'Ah, you speak Spanish.'
'Enough to converse.'
'Juanita!'
A woman down the road called to the child then clapped her hands.
'?Venga!?Andale! '
The child twirled around and ran to the woman.
'She is afraid,' the congressman said.
'The girl?'
'The woman.'
'Why?'
'Anglos. Police. Cameras.'
The woman and child disappeared. All the residents seemed to fade into the shadows. The dirt road suddenly lay vacant except for a few stray dogs and chickens. Two pigs. A goat. The colonia was now a ghost town. The congressman leaned in close and lowered his voice.
'May I suggest, Mrs. Bonner, that the troopers and the police stay here with the vehicles. The Ranger also.'
'Why my Ranger?'
'Well, the Texas Rangers are not… how shall I say… well regarded here on the border.'
'Why not?'
'History, Mrs. Bonner. History.'
She turned to the police. 'Please stay here.'
They didn't argue.
She turned to her Ranger. 'You, too.'
He did argue.
'But, ma'am-'
'Ranger Roy-'
She felt utterly stupid calling her Texas Ranger bodyguard 'Ranger Roy,' but his surname was Rogers. Roy Rogers. Ranger Rogers was even worse than Ranger Roy.

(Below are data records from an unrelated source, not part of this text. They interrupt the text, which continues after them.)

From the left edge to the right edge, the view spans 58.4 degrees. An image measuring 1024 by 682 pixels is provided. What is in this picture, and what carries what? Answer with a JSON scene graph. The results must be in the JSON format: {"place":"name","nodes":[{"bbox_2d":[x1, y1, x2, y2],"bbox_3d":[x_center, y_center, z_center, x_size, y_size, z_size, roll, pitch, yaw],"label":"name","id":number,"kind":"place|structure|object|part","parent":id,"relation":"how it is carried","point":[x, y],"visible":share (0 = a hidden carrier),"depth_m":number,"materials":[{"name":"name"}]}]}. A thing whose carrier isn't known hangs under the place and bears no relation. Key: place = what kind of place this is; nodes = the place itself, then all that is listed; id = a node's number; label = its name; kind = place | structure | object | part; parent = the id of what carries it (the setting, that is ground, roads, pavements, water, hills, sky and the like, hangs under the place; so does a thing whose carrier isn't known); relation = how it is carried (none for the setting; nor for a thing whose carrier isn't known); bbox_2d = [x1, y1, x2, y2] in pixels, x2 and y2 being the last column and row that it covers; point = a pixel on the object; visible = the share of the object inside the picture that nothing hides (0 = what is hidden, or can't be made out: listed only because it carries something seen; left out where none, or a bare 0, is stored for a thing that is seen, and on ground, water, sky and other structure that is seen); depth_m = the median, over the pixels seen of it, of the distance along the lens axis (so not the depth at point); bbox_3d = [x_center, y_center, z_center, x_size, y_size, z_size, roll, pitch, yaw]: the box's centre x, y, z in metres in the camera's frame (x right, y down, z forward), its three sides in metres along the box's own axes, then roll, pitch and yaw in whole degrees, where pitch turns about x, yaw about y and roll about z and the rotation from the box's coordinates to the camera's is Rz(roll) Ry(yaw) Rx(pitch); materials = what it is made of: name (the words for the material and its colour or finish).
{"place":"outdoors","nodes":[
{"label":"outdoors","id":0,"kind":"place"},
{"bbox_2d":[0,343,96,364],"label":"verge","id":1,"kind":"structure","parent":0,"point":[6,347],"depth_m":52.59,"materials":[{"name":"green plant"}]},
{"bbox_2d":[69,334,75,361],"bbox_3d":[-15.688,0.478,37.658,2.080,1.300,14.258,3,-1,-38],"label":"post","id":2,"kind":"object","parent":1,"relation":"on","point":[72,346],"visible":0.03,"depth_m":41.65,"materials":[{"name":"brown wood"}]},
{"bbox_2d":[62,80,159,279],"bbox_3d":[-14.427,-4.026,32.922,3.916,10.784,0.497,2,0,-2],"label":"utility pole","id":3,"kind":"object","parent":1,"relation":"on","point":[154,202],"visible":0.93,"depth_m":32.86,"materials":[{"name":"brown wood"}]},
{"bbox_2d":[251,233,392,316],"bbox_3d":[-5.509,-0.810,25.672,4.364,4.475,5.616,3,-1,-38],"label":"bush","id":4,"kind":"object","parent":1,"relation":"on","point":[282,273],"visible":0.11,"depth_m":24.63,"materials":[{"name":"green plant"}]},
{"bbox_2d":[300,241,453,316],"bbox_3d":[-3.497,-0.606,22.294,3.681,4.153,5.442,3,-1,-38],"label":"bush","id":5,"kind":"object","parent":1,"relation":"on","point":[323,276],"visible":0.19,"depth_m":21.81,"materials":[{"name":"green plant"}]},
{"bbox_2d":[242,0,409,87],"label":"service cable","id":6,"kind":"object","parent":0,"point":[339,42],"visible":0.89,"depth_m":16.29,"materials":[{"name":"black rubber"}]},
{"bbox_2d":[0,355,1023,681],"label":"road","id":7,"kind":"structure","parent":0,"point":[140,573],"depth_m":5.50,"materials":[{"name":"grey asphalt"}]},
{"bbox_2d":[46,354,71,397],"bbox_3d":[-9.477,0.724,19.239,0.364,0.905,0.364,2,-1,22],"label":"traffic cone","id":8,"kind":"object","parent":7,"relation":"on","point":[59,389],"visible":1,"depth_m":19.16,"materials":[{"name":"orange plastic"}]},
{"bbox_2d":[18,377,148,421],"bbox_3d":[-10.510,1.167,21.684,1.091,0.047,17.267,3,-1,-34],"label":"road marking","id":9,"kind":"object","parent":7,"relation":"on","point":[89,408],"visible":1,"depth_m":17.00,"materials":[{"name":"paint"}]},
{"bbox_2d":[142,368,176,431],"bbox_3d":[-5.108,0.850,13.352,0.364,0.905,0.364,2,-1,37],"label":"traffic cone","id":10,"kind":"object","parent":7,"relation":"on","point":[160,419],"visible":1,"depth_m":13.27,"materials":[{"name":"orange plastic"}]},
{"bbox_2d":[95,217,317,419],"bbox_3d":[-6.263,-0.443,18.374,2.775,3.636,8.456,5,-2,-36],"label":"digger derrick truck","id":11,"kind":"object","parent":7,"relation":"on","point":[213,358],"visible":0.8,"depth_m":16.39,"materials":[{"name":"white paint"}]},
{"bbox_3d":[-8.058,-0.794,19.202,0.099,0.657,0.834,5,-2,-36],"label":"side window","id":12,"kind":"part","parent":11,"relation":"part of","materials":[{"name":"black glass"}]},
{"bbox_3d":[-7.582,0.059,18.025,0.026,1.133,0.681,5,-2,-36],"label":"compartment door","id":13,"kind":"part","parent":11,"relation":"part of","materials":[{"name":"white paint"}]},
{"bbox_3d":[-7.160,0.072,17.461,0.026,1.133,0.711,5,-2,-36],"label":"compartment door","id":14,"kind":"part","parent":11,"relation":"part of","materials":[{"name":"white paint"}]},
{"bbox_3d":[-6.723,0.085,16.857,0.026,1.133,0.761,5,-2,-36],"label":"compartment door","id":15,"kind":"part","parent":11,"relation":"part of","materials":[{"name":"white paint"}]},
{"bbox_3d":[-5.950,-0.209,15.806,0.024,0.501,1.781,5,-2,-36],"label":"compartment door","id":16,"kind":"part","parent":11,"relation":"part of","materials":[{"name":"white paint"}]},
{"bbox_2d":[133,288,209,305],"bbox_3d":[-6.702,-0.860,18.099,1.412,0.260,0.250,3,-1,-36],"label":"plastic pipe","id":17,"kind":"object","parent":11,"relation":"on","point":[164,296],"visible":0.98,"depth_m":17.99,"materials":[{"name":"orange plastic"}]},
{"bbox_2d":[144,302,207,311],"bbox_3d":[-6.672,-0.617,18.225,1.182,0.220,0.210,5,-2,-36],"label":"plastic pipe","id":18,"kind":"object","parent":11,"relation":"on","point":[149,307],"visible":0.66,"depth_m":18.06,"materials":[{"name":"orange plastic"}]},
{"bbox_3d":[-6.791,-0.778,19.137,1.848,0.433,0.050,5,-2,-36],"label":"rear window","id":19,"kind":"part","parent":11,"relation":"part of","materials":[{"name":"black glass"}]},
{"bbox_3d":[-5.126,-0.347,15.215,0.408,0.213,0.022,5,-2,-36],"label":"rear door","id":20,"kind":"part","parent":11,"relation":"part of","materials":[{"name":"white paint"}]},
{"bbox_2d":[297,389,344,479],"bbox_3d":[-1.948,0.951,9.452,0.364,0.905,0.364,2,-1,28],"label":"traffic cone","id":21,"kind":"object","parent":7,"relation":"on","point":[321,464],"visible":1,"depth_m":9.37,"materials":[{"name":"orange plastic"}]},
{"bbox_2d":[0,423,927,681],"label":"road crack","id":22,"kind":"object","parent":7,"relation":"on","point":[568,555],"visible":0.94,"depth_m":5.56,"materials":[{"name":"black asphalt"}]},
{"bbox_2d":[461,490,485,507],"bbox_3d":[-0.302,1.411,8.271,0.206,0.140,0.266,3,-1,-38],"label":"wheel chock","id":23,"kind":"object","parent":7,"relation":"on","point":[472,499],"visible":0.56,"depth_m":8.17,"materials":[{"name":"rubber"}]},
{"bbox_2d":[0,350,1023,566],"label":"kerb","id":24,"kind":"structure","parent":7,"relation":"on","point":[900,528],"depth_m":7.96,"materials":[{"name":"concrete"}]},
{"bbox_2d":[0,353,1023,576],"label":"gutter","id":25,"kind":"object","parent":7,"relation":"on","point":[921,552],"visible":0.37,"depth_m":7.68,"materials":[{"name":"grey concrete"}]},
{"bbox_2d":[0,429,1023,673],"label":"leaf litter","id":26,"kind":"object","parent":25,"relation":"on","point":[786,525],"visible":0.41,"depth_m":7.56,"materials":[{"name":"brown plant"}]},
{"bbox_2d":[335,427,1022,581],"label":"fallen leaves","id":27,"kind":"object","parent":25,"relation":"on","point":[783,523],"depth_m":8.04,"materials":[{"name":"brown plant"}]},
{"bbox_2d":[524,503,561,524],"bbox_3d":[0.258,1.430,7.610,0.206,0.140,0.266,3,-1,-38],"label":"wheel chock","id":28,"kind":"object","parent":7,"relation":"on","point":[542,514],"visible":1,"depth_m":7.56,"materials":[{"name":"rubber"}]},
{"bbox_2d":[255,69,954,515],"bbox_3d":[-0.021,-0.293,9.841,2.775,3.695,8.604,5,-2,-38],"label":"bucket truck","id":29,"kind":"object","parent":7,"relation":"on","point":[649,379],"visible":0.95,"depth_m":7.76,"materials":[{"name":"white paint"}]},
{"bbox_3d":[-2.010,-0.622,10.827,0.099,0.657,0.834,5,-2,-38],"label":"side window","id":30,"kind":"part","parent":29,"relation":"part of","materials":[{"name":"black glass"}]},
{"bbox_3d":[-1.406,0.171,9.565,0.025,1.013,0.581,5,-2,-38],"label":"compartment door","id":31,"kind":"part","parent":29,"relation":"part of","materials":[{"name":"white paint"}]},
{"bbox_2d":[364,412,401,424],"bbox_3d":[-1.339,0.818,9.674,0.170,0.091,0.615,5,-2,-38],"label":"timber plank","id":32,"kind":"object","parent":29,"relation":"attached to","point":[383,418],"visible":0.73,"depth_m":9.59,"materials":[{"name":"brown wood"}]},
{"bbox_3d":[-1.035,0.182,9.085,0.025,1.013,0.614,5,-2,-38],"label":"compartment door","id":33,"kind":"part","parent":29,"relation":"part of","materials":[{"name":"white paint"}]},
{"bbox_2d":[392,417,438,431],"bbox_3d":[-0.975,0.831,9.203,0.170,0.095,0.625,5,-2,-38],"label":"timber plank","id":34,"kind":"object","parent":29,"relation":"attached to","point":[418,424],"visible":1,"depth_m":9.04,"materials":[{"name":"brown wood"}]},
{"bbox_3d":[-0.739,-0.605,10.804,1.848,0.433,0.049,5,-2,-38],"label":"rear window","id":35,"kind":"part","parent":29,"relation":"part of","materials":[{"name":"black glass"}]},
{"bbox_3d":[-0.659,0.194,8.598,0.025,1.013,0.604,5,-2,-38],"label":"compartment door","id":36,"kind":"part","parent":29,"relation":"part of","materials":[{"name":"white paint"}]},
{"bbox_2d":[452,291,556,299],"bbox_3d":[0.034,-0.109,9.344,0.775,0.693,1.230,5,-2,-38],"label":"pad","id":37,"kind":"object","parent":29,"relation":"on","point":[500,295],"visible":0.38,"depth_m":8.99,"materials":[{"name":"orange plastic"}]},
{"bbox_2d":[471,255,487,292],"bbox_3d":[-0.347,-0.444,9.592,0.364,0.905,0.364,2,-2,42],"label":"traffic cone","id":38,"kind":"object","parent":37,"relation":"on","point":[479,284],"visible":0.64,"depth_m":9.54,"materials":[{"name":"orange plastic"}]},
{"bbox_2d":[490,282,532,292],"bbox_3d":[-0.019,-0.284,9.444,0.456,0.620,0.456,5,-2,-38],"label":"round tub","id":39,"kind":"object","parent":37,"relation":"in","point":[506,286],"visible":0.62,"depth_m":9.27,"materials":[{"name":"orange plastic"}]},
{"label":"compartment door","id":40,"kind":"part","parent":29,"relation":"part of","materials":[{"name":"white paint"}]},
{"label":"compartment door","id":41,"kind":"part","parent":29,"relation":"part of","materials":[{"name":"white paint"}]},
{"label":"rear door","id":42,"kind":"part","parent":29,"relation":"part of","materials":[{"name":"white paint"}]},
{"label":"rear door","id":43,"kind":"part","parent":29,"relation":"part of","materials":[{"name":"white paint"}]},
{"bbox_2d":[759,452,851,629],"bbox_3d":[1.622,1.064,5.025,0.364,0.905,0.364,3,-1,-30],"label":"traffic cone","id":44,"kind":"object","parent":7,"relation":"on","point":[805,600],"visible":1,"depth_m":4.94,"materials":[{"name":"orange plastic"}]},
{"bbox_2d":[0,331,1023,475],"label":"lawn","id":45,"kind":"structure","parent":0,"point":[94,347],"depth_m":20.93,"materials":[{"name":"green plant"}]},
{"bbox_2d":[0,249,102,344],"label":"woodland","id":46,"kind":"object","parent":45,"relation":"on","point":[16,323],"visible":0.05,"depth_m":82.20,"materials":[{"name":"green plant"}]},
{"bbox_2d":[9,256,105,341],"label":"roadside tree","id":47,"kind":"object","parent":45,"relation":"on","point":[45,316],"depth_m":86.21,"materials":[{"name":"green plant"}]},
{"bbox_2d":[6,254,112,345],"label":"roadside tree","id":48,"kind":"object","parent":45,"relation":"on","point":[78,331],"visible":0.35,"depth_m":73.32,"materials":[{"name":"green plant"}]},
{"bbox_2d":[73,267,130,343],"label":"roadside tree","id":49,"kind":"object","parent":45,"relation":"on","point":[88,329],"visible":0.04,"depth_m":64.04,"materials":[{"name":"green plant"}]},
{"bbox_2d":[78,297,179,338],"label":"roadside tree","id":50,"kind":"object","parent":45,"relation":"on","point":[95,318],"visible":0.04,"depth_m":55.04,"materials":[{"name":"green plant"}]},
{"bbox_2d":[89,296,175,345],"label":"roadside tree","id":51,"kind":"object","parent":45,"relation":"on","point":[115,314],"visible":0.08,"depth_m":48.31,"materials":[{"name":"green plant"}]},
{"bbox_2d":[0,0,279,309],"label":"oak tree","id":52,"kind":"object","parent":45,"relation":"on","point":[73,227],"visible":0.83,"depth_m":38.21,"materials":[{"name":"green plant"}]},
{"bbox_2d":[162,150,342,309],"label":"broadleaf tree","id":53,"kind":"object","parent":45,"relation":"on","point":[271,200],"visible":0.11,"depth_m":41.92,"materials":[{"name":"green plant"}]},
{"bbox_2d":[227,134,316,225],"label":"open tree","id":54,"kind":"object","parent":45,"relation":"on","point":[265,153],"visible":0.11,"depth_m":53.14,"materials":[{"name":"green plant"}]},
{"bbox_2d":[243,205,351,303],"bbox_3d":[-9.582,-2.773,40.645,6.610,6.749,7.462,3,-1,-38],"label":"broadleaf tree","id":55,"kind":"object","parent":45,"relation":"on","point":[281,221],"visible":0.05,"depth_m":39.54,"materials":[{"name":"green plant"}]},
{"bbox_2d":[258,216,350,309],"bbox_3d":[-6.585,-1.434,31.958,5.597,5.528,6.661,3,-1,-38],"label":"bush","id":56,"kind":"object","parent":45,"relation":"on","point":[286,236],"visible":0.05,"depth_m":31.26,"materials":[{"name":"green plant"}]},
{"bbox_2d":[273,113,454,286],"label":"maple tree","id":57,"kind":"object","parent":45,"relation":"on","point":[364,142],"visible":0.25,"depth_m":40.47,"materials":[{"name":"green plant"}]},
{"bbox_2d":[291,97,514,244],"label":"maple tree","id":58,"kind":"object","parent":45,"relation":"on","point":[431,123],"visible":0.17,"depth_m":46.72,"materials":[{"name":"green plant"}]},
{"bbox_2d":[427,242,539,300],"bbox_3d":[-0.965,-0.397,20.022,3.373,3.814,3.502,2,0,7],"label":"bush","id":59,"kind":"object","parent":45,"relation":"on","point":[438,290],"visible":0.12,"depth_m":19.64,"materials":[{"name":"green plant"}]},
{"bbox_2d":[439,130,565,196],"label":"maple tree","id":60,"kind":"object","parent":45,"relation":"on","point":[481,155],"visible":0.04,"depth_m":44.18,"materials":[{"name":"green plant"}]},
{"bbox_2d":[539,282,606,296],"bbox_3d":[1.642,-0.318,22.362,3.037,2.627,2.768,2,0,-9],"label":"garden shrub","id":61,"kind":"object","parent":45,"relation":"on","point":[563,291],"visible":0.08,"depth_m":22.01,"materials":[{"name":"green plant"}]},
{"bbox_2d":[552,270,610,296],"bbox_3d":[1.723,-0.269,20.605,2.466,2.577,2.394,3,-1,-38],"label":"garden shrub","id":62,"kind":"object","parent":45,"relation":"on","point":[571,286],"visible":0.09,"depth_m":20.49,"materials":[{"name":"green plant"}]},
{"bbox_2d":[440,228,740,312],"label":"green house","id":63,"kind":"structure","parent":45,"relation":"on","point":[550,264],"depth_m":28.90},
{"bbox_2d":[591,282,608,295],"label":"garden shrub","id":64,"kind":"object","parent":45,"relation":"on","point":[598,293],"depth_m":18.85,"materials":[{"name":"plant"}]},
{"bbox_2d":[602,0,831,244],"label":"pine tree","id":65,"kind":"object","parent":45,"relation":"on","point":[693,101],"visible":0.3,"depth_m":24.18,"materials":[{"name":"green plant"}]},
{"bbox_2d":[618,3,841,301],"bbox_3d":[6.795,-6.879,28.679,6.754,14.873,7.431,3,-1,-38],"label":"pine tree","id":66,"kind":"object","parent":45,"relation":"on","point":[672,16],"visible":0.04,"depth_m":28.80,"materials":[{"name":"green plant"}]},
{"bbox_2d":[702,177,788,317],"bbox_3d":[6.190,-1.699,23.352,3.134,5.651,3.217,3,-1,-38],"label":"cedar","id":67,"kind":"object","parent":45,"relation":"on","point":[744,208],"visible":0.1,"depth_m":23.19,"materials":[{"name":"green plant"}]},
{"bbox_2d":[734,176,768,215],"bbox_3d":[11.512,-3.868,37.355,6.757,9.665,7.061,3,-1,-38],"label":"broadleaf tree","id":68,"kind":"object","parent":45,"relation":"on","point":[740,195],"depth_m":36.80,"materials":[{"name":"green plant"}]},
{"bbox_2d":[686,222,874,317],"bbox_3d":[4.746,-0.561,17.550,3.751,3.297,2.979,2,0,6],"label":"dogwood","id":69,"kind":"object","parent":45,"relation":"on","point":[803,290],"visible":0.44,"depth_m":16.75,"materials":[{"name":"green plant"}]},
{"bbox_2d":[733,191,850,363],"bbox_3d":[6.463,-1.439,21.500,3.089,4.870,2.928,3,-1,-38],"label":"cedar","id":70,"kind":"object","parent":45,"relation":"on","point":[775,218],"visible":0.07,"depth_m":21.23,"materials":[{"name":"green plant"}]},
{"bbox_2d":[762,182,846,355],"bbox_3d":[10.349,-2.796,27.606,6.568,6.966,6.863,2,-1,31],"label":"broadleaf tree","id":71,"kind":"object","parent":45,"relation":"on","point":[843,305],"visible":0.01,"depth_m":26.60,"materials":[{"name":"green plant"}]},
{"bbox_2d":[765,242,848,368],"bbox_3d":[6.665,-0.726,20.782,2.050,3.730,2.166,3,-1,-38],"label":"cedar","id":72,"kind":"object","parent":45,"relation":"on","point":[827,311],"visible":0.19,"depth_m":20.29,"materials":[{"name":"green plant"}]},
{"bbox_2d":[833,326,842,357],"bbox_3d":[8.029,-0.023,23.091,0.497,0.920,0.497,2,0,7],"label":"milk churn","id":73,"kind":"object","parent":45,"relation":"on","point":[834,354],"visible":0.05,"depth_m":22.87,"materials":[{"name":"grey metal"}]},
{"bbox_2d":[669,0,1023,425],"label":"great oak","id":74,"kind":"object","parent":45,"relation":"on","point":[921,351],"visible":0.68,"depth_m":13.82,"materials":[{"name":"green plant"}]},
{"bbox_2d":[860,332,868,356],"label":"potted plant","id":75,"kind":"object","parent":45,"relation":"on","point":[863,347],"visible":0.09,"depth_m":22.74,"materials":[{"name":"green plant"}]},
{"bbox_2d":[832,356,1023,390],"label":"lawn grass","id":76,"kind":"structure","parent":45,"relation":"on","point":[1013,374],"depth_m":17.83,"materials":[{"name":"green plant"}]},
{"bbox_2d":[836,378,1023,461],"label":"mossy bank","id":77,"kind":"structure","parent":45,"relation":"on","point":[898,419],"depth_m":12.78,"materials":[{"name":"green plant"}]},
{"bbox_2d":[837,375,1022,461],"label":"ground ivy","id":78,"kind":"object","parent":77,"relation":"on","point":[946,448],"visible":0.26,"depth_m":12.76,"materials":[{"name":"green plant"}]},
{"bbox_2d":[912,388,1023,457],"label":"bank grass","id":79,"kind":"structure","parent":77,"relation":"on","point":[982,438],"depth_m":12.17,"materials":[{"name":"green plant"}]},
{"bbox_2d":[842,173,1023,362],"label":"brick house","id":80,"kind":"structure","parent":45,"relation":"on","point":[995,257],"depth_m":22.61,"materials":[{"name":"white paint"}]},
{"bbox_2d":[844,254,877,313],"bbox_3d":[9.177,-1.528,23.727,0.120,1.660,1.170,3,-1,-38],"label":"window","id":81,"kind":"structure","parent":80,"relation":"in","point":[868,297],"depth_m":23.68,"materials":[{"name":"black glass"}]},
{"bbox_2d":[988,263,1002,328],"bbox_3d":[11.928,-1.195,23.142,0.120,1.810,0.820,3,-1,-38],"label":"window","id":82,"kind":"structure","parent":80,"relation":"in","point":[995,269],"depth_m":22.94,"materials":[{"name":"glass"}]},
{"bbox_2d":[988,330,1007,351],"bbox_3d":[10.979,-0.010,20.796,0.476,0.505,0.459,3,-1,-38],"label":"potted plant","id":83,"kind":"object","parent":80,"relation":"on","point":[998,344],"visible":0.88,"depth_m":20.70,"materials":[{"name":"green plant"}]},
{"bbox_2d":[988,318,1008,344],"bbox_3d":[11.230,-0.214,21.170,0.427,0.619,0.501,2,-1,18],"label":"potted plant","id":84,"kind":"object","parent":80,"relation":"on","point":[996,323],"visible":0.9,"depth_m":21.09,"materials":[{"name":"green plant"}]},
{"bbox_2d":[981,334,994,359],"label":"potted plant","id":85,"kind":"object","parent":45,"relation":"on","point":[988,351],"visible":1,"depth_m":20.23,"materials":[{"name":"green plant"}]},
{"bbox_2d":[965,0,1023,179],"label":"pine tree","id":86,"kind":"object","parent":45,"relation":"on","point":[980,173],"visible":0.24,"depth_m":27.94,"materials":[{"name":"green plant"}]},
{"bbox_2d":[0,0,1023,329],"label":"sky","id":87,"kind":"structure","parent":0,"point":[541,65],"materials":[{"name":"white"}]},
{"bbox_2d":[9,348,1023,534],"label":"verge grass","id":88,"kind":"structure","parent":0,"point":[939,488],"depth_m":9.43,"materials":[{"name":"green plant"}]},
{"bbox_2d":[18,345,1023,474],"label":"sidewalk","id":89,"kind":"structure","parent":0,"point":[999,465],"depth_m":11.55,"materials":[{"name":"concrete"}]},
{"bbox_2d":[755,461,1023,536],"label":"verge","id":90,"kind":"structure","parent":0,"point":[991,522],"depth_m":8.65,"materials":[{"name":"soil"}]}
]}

— 'if these people fear us, we won't accomplish what we came here for today.'
'Mrs. Bonner, your safety requires that I accompany you. The governor, he wouldn't be happy.'
Lindsay embedded her fists in her hips and craned her head up at Ranger Roy. He was a strapping young man of twenty-eight; he had played football at UT. He had been her bodyguard for her husband's entire second term; he had become something of a son to her. A very large son. She had no doubt he'd die before seeing her harmed.
'Who would you rather have unhappy with you-the governor or me?'
Ranger Roy had faced that same choice many times. He knew the wise answer.
'Uh, yes, ma'am, I'll wait here.'
'Thank you.' She gestured to the press crew. 'Let's talk to these people.'
They stood as if embedded in the dirt. A burly TV cameraman smoking a cigarette shook his head.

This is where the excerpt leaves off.